生鏽的腦子動了起來,記憶逐漸恢復,我抽了抽嘴角,想跳起來對著這個狗日的世界破口大罵。
該死的惡毒女配設定。
該死的萬人嫌體質。
本來以為好了不少,沒想到中心區風水這麼不好,一來就倒大霉,半夜被登門拜訪就算了,第二天還遇到火災。
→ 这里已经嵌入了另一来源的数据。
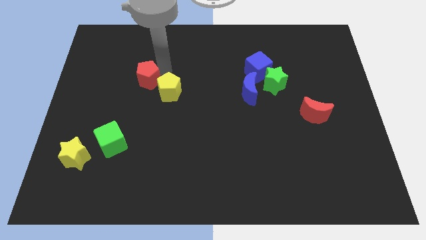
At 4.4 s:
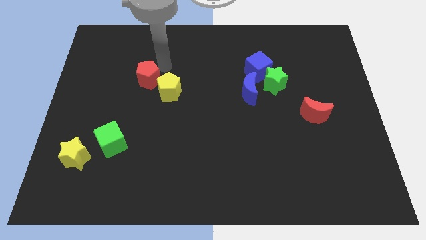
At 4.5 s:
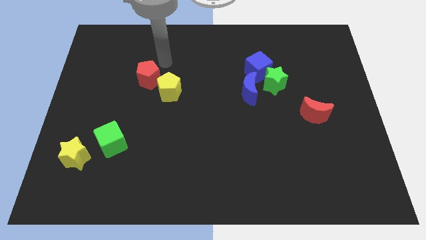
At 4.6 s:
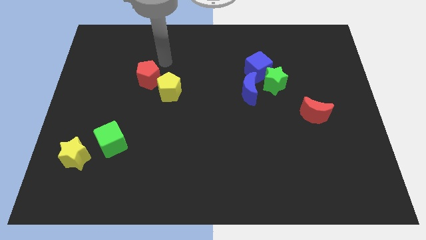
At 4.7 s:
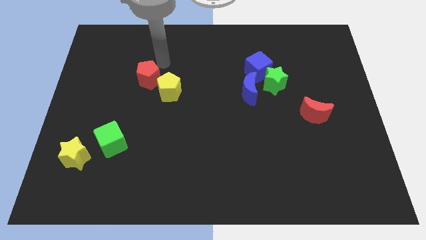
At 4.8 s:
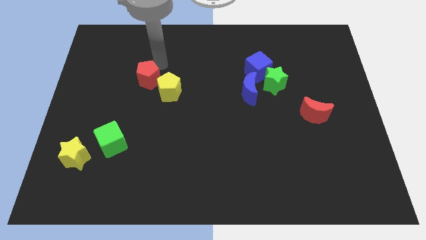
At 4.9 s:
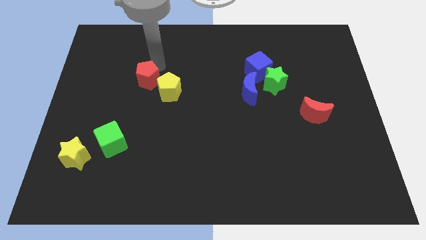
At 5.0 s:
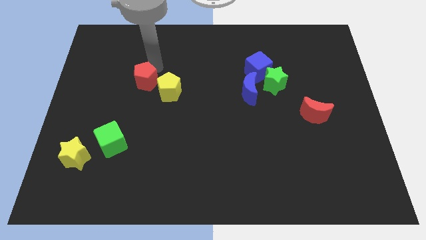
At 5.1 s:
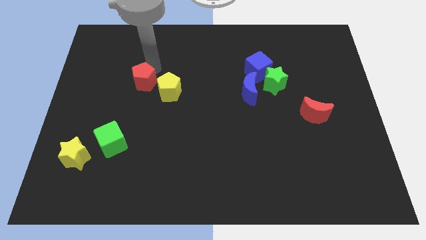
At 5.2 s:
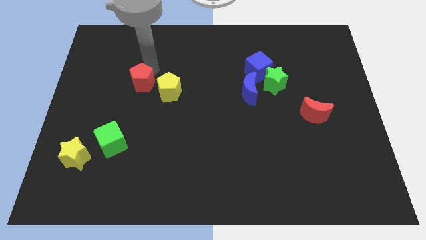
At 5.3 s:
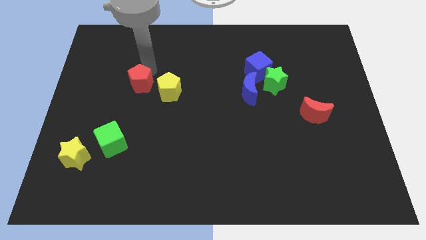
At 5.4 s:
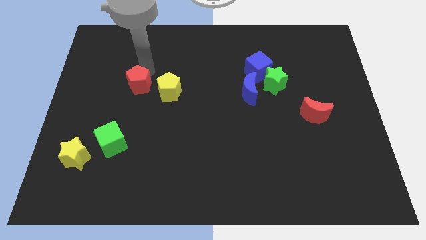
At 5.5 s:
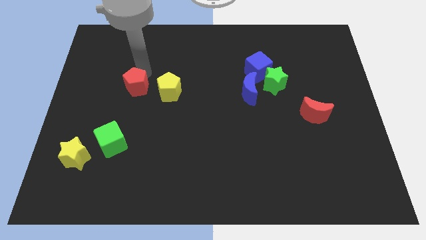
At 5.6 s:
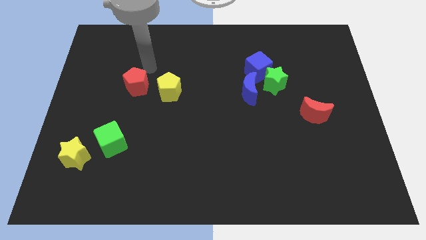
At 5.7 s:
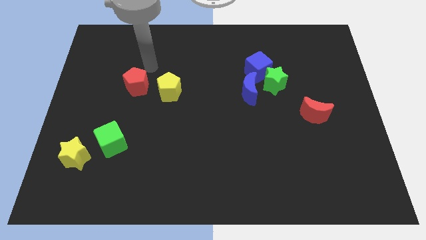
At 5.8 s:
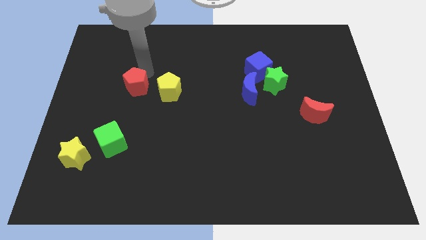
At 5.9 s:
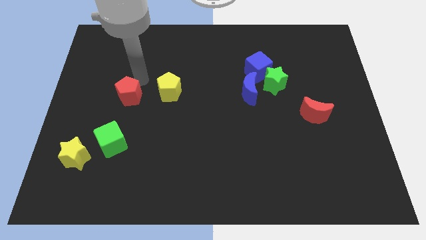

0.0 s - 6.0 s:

等我把從小說主角到小說作者從頭罵了一遍之後,我才覺得身心舒暢了那麼一點,開始思考面前究竟發生了什麼事情。
我是被公爵救回來了?
這麼想著,我沒有大難不死的慶幸感,反而覺得有一種不祥的預感。
我視線四處游移,沒找到拖鞋,我便光腳踩著柔軟的地毯。
地毯厚重,踩著感覺很好。
我拉開窗簾,窗外陽光斜映進來,能夠清晰地看到空氣中懸浮的微塵粒子,就像是一顆顆自在獨立的星球,靜默地飄蕩在廣渺無垠的宇宙之中。
這裡太寂靜了。
肅穆,毫無生機。
我一邊環顧四周,一邊在腦海裡面將過去的事情統統回顧了一個遍。
確信沒有任何端倪。
就在這個時候,門被敲響了。
「小姐,您醒了嗎?」
低沉富有磁性的聲音隔著門傳來。
2
煙霧升騰,我一邊努力尋找出口,一邊絕望地覺得自己就要命喪火焰。
在意識模糊之間,軍裝男人優雅地摘下手套,微微彎腰看我:「小姐,需要幫助嗎?」雖然用的是敬語,但是仍舊難掩上位者的氣場。
聲音很像,應該就是同一個人。
「醒了。」
我這麼回應著,拉開了門。
的確就是一個人。
面前的男人和我記憶中的影像合二為一。
男人並沒有像之前見到的那樣身著冰冷的軍服,相反他穿著一身十分休閒的居家服裝,絲綢制的長袍,柔軟又捲曲的金髮垂在胸口。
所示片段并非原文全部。